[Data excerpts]
╭──

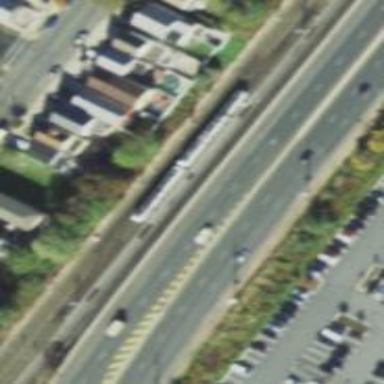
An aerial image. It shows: Light rail electrified with contact line.
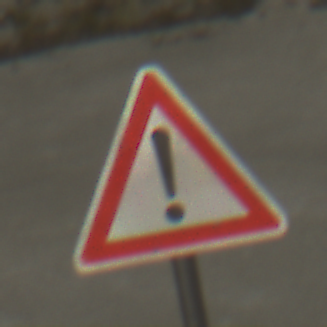
Verkehrszeichen: Gefahrenstelle
Umgebung: Outdoor, Beach
Tageszeit: MorningAfternoon
Wetter: PartlyCloudy
Licht: Natural
Jahreszeit: NotSpecified
Kontrast: HighContrast
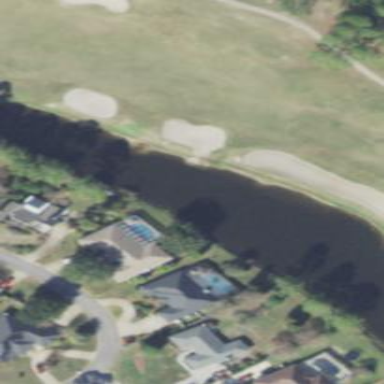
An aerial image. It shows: Golf bunker filled with natural sand.
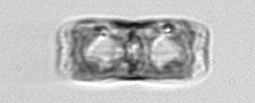
Label: pennate_morphotype1
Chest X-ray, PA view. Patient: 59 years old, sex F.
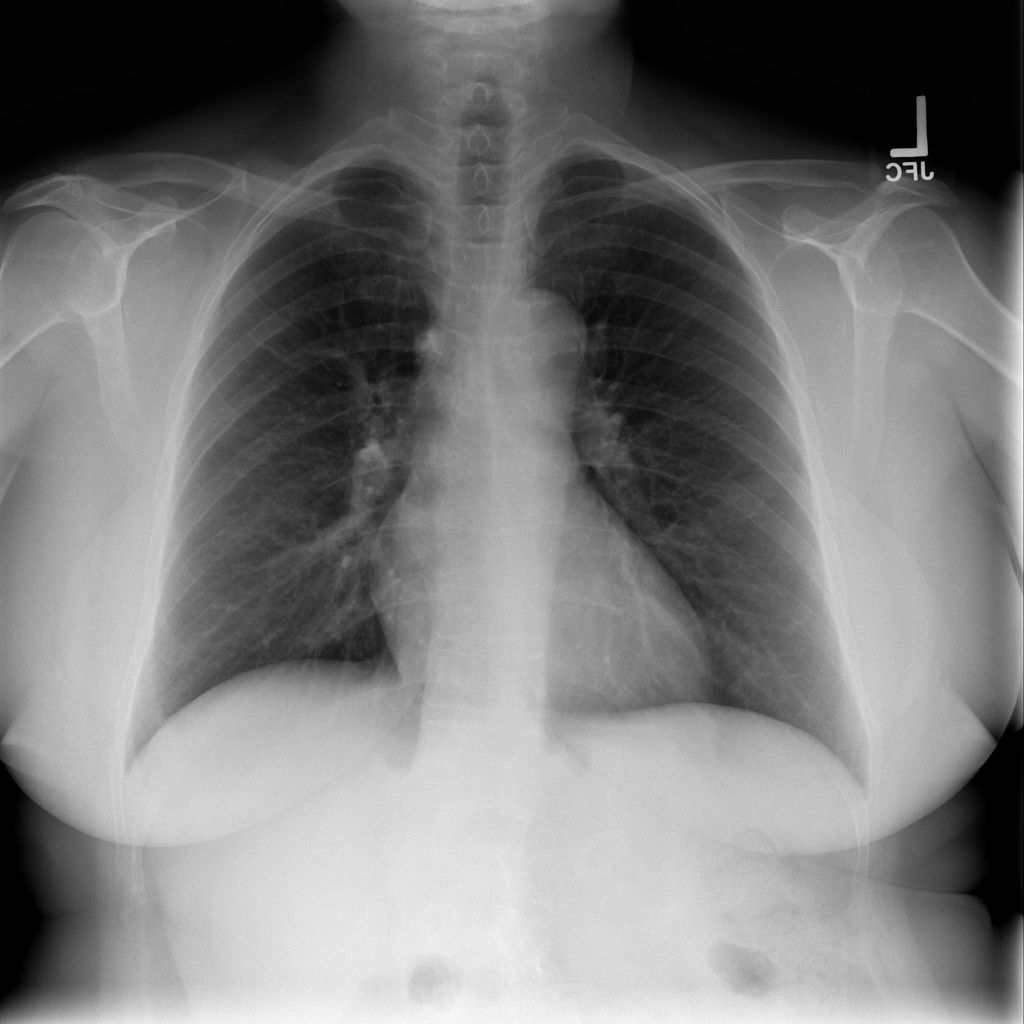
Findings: No Finding
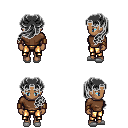
a pixel art fantasy rpg character, female body template, human, dark skin, brown long-sleeve shirt, gold greaves, gray princess hairstyle, leather bracers, white slippers, four views (front, back, left, right), 2x2 character sprite sheet, small pixel art, hard edges, no anti-aliasing
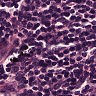
Metastatic tissue present: no
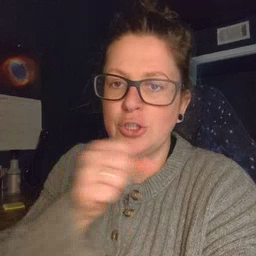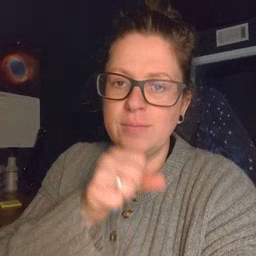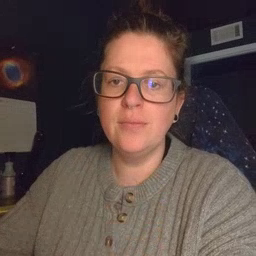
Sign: icecream
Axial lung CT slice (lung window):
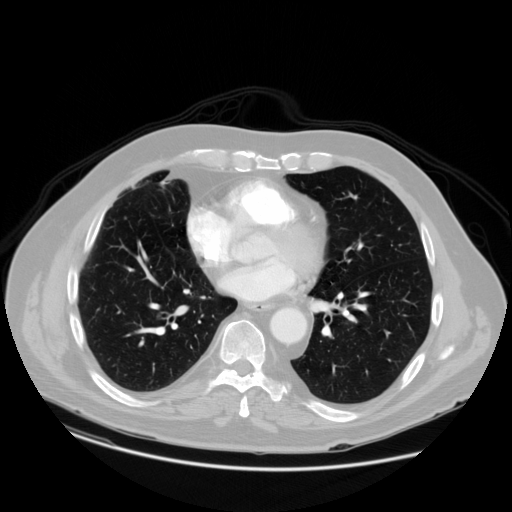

╰──

Copy out all the data above exactly, minus the images.

* **Answer section**
An aerial image. It shows: Light rail electrified with contact line.
Verkehrszeichen: Gefahrenstelle
Umgebung: Outdoor, Beach
Tageszeit: MorningAfternoon
Wetter: PartlyCloudy
Licht: Natural
Jahreszeit: NotSpecified
Kontrast: HighContrast
An aerial image. It shows: Golf bunker filled with natural sand.
Label: pennate_morphotype1
Chest X-ray, PA view. Patient: 59 years old, sex F.
Findings: No Finding
a pixel art fantasy rpg character, female body template, human, dark skin, brown long-sleeve shirt, gold greaves, gray princess hairstyle, leather bracers, white slippers, four views (front, back, left, right), 2x2 character sprite sheet, small pixel art, hard edges, no anti-aliasing
Metastatic tissue present: no
Sign: icecream
Axial lung CT slice (lung window):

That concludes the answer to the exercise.